The State Council announced on Friday that cities should work to maintain a stable property market, with measures including ordering individuals selling properties to pay a 20 percent tax on sale profits as well as raising down payment requirements and interest rates on second-home mortgages.

In many cities, the current tax on individuals selling properties is 1 percent of the selling price.

"The curbs on the property market may easily extend its impact to other sectors, such as banking, machinery manufacturing and cement makers," said Chen Lei, analyst with Citic Securities Co Ltd.

Share prices of Anhui Conch Cement Co Ltd and Sany Heavy Industry Co Ltd dropped more than 8 percent.

Measures to curb excessive growth of home prices in several cities have cast similar shadows over property developers since late February, but declines in the market are expected to worsen as a result of the latest announcement, said Chen.
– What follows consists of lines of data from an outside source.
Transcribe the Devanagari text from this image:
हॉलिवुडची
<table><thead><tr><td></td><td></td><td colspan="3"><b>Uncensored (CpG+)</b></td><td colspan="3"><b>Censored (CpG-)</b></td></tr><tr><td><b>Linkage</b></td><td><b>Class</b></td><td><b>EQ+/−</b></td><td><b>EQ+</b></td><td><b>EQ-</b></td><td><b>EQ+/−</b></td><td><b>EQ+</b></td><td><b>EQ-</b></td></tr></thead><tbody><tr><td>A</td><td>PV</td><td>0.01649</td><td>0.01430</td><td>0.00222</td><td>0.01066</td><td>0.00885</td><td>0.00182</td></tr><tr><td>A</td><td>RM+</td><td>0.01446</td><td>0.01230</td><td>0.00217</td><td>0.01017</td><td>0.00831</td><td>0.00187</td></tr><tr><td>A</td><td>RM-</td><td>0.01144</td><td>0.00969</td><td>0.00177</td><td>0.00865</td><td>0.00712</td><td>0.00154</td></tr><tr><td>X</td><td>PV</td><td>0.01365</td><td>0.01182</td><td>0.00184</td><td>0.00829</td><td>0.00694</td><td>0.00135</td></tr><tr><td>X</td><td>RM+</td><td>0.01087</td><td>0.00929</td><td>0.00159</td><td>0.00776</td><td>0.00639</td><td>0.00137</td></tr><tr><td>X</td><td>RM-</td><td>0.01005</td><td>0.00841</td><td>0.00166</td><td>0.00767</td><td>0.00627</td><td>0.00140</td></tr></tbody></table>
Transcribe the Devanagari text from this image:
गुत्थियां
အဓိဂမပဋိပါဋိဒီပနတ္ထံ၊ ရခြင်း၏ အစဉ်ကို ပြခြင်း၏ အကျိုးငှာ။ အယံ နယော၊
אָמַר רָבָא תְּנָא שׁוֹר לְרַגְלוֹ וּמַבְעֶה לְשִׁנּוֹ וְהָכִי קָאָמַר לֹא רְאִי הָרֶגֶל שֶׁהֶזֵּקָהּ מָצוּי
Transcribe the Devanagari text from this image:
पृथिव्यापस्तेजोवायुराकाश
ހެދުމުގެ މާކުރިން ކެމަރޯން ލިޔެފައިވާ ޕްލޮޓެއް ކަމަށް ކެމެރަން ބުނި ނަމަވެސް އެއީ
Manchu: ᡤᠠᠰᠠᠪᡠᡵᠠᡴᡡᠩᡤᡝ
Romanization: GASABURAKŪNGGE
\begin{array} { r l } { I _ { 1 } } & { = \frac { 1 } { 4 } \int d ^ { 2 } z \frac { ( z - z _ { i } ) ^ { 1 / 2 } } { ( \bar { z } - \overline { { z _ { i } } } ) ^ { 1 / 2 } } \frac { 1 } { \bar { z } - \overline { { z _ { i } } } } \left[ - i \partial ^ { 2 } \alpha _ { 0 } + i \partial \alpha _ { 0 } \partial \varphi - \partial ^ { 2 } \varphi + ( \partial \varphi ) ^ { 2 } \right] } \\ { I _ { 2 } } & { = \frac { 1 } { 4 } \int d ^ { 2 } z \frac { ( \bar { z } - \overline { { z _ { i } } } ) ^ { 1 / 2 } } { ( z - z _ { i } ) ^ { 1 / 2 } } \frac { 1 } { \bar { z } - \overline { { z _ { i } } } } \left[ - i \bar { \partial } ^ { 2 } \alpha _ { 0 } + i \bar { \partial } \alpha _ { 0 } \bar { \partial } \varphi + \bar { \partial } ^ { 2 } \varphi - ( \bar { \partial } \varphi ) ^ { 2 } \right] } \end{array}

Vanessa Chan, a Hong Kong-based property analyst, said central government regulation and control over the property market will curb speculation, but the big players will not be affected in the long run if their product lines focus on areas of highest demand.

"We do not expect regulation and controls to be drastic - in the long run changes will be gradual," said Chan.

Analysts said property tax and limits on house purchases may be introduced to more cities and drag down sales of homes.

It is highly possible that in major cities sales of homes will drop in the near future, according to a research report by Orient Securities Co Ltd.